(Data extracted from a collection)
▼▼▼

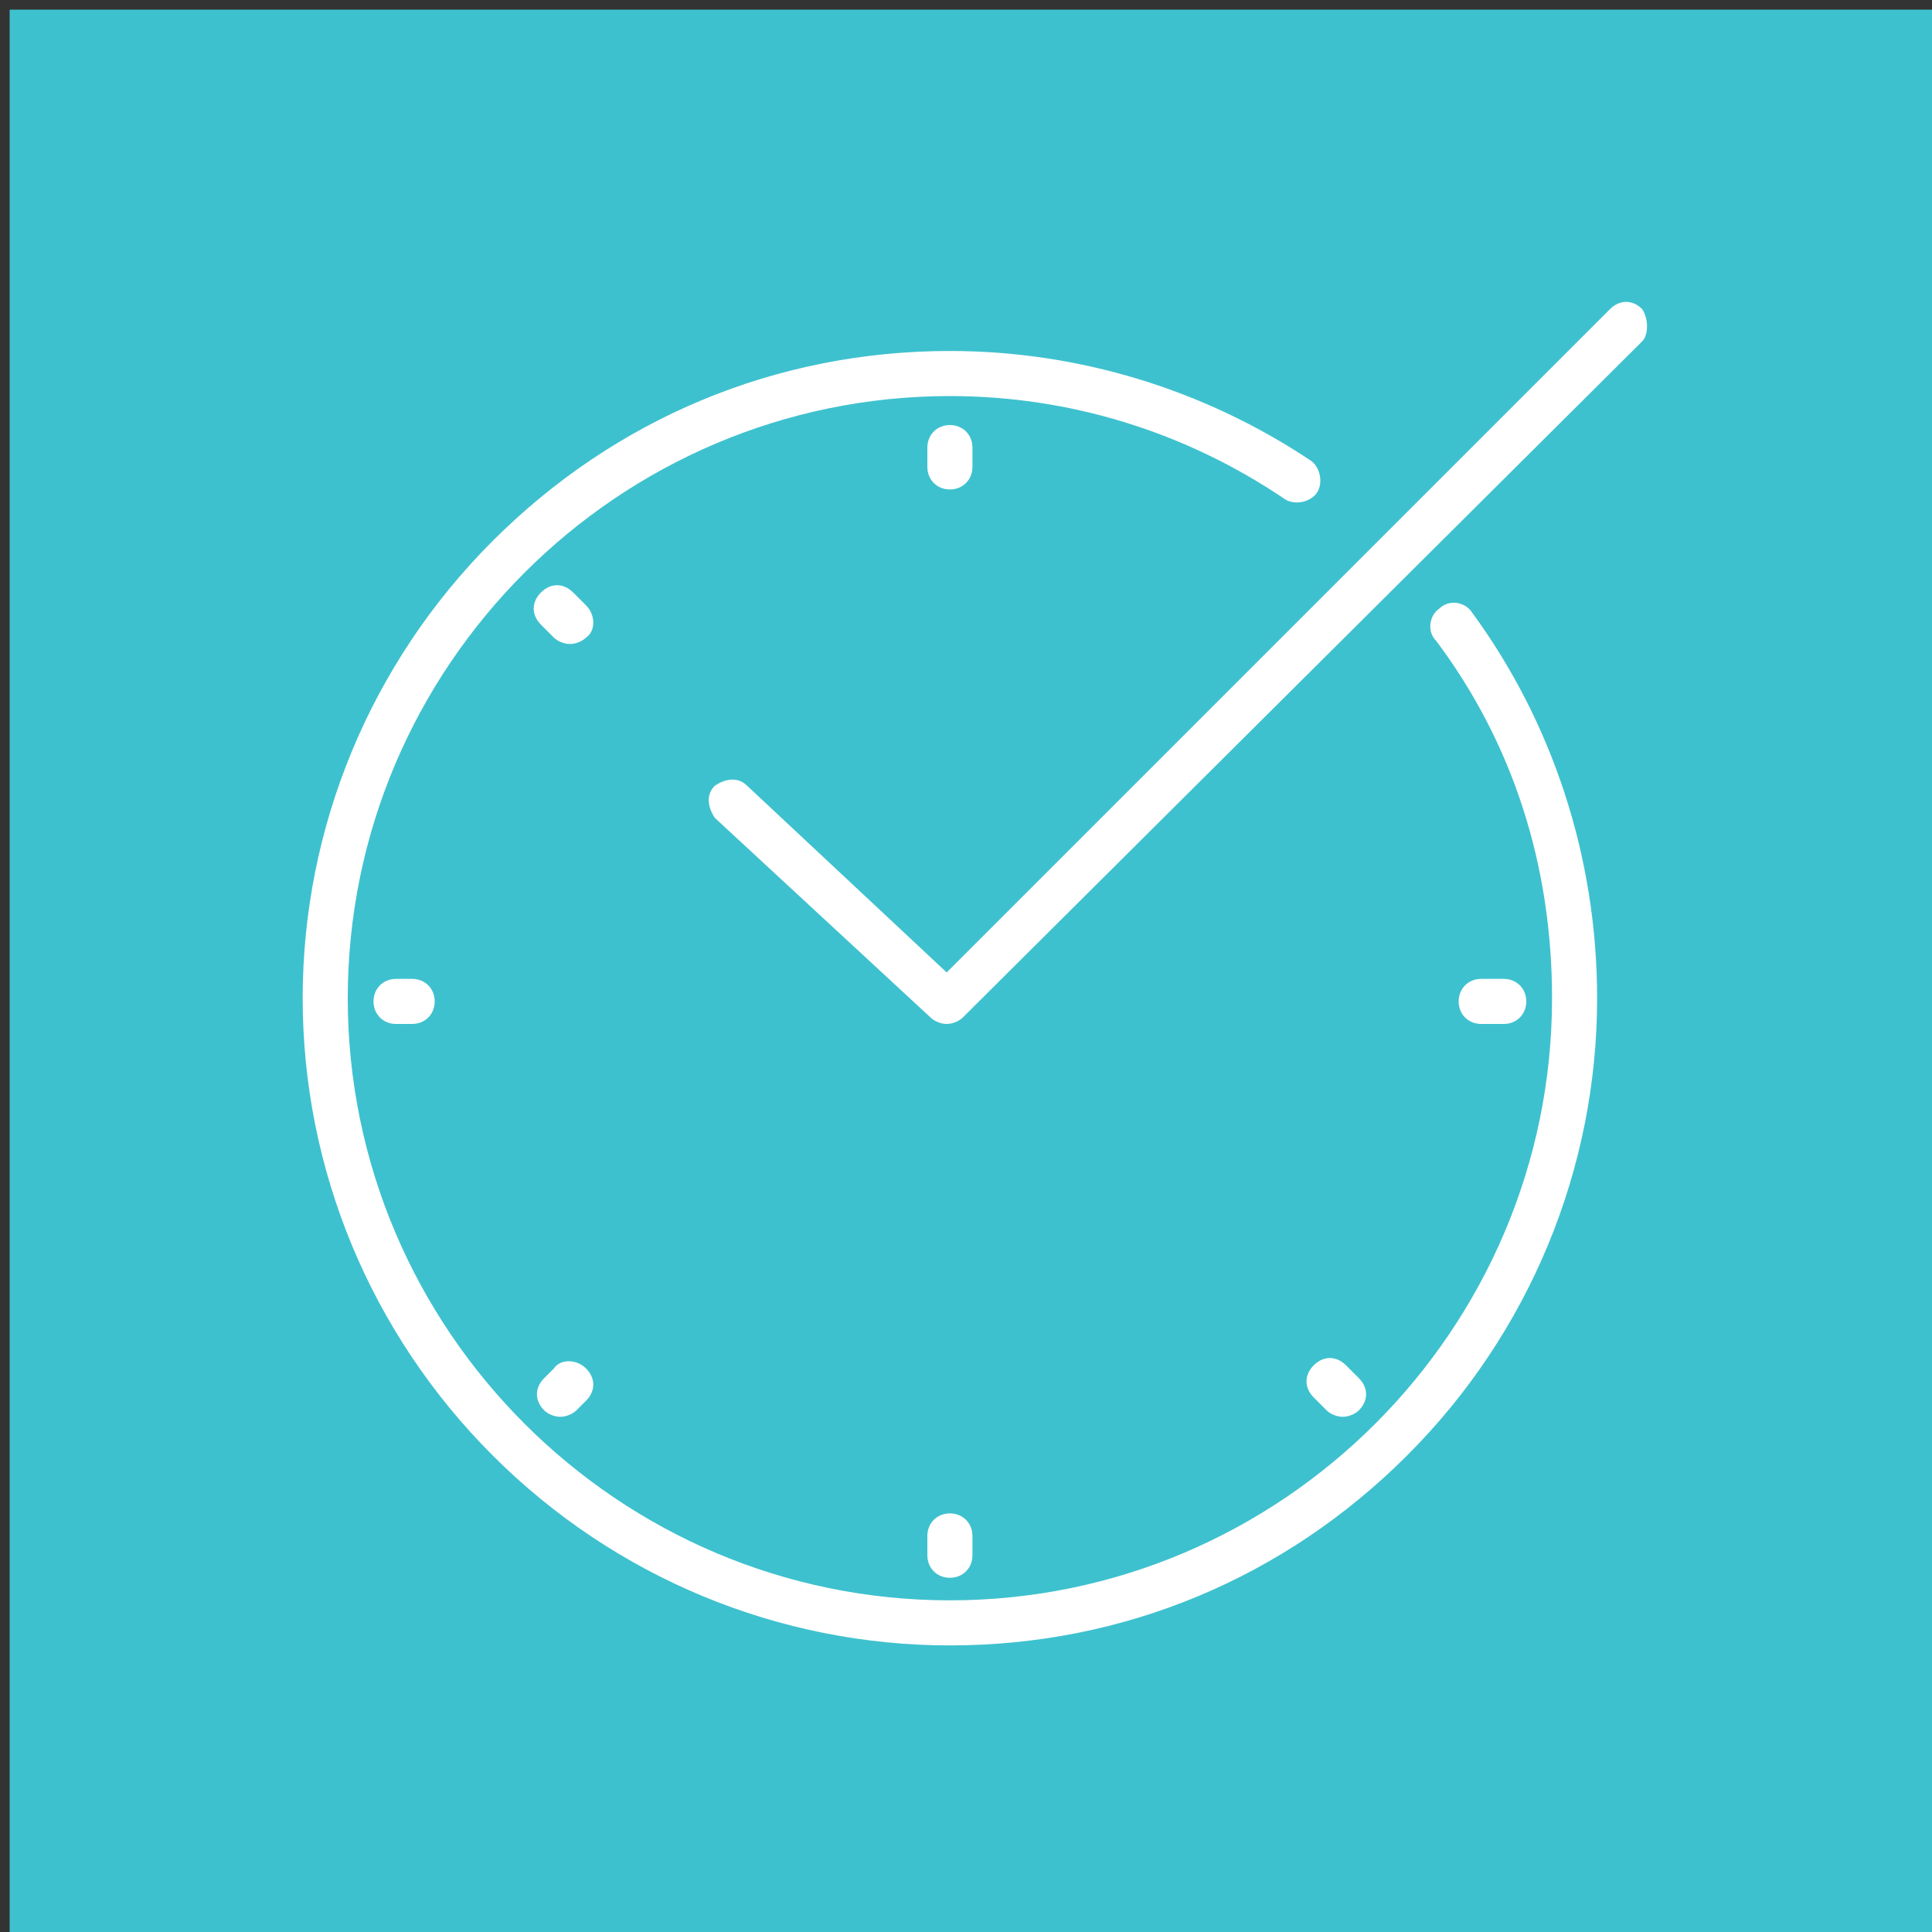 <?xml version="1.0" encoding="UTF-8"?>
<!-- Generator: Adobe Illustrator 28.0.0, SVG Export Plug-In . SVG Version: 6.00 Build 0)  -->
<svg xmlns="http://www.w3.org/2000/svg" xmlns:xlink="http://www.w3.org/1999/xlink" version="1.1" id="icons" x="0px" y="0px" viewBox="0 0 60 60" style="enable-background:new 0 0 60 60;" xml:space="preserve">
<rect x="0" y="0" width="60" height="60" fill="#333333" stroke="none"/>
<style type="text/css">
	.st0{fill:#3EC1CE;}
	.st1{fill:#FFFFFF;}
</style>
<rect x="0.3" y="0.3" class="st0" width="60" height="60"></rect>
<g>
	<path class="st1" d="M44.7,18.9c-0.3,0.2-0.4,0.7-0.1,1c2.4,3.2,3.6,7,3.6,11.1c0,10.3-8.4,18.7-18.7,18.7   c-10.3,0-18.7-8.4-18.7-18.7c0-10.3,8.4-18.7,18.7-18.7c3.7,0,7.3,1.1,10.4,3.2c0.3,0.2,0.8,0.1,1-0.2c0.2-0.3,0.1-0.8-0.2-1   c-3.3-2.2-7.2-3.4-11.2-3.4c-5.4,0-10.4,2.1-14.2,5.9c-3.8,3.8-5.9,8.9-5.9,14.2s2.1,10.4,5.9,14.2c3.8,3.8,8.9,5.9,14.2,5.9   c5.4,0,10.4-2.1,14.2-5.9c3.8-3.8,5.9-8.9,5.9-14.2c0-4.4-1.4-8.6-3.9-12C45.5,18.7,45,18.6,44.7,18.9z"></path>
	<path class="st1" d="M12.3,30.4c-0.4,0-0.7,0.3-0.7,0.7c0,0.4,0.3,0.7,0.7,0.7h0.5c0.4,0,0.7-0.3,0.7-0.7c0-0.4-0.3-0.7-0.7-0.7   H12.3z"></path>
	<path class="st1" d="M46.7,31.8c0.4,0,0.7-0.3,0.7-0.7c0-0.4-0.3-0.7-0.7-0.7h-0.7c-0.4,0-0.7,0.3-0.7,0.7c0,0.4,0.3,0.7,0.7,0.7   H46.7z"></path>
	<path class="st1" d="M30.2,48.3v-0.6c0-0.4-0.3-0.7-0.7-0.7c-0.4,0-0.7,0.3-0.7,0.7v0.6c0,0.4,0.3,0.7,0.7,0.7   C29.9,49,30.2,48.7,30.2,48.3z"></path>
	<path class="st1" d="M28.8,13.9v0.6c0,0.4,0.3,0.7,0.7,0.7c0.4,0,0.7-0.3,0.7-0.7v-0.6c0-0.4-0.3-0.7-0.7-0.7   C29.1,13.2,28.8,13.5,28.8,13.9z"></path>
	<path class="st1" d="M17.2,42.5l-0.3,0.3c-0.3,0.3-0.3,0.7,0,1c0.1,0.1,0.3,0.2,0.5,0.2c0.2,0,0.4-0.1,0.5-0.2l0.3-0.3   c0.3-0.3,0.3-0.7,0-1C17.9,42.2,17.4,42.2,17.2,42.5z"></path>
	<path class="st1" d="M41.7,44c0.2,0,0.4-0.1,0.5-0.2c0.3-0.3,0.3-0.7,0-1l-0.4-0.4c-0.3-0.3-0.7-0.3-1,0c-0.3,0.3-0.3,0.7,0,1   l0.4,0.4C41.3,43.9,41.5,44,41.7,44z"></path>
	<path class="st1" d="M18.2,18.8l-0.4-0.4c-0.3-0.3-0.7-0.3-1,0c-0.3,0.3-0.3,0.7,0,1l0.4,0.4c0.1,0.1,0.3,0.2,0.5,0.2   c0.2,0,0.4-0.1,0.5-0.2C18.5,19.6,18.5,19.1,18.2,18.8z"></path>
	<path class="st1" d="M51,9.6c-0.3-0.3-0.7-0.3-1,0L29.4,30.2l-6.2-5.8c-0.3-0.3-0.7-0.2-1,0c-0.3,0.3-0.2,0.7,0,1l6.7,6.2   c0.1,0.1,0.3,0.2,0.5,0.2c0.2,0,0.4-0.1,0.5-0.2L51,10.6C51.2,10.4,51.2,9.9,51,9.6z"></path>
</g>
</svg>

▲▲▲

### Problem to work on:
Output the entries above exactly. Do not include the pictures.

### Problem solution:
 <?xml version="1.0" encoding="UTF-8"?>
<!-- Generator: Adobe Illustrator 28.0.0, SVG Export Plug-In . SVG Version: 6.00 Build 0)  -->
<svg xmlns="http://www.w3.org/2000/svg" xmlns:xlink="http://www.w3.org/1999/xlink" version="1.1" id="icons" x="0px" y="0px" viewBox="0 0 60 60" style="enable-background:new 0 0 60 60;" xml:space="preserve">
<rect x="0" y="0" width="60" height="60" fill="#333333" stroke="none"/>
<style type="text/css">
	.st0{fill:#3EC1CE;}
	.st1{fill:#FFFFFF;}
</style>
<rect x="0.3" y="0.3" class="st0" width="60" height="60"></rect>
<g>
	<path class="st1" d="M44.7,18.9c-0.3,0.2-0.4,0.7-0.1,1c2.4,3.2,3.6,7,3.6,11.1c0,10.3-8.4,18.7-18.7,18.7   c-10.3,0-18.7-8.4-18.7-18.7c0-10.3,8.4-18.7,18.7-18.7c3.7,0,7.3,1.1,10.4,3.2c0.3,0.2,0.8,0.1,1-0.2c0.2-0.3,0.1-0.8-0.2-1   c-3.3-2.2-7.2-3.4-11.2-3.4c-5.4,0-10.4,2.1-14.2,5.9c-3.8,3.8-5.9,8.9-5.9,14.2s2.1,10.4,5.9,14.2c3.8,3.8,8.9,5.9,14.2,5.9   c5.4,0,10.4-2.1,14.2-5.9c3.8-3.8,5.9-8.9,5.9-14.2c0-4.4-1.4-8.6-3.9-12C45.5,18.7,45,18.6,44.7,18.9z"></path>
	<path class="st1" d="M12.3,30.4c-0.4,0-0.7,0.3-0.7,0.7c0,0.4,0.3,0.7,0.7,0.7h0.5c0.4,0,0.7-0.3,0.7-0.7c0-0.4-0.3-0.7-0.7-0.7   H12.3z"></path>
	<path class="st1" d="M46.7,31.8c0.4,0,0.7-0.3,0.7-0.7c0-0.4-0.3-0.7-0.7-0.7h-0.7c-0.4,0-0.7,0.3-0.7,0.7c0,0.4,0.3,0.7,0.7,0.7   H46.7z"></path>
	<path class="st1" d="M30.2,48.3v-0.6c0-0.4-0.3-0.7-0.7-0.7c-0.4,0-0.7,0.3-0.7,0.7v0.6c0,0.4,0.3,0.7,0.7,0.7   C29.9,49,30.2,48.7,30.2,48.3z"></path>
	<path class="st1" d="M28.8,13.9v0.6c0,0.4,0.3,0.7,0.7,0.7c0.4,0,0.7-0.3,0.7-0.7v-0.6c0-0.4-0.3-0.7-0.7-0.7   C29.1,13.2,28.8,13.5,28.8,13.9z"></path>
	<path class="st1" d="M17.2,42.5l-0.3,0.3c-0.3,0.3-0.3,0.7,0,1c0.1,0.1,0.3,0.2,0.5,0.2c0.2,0,0.4-0.1,0.5-0.2l0.3-0.3   c0.3-0.3,0.3-0.7,0-1C17.9,42.2,17.4,42.2,17.2,42.5z"></path>
	<path class="st1" d="M41.7,44c0.2,0,0.4-0.1,0.5-0.2c0.3-0.3,0.3-0.7,0-1l-0.4-0.4c-0.3-0.3-0.7-0.3-1,0c-0.3,0.3-0.3,0.7,0,1   l0.4,0.4C41.3,43.9,41.5,44,41.7,44z"></path>
	<path class="st1" d="M18.2,18.8l-0.4-0.4c-0.3-0.3-0.7-0.3-1,0c-0.3,0.3-0.3,0.7,0,1l0.4,0.4c0.1,0.1,0.3,0.2,0.5,0.2   c0.2,0,0.4-0.1,0.5-0.2C18.5,19.6,18.5,19.1,18.2,18.8z"></path>
	<path class="st1" d="M51,9.6c-0.3-0.3-0.7-0.3-1,0L29.4,30.2l-6.2-5.8c-0.3-0.3-0.7-0.2-1,0c-0.3,0.3-0.2,0.7,0,1l6.7,6.2   c0.1,0.1,0.3,0.2,0.5,0.2c0.2,0,0.4-0.1,0.5-0.2L51,10.6C51.2,10.4,51.2,9.9,51,9.6z"></path>
</g>
</svg>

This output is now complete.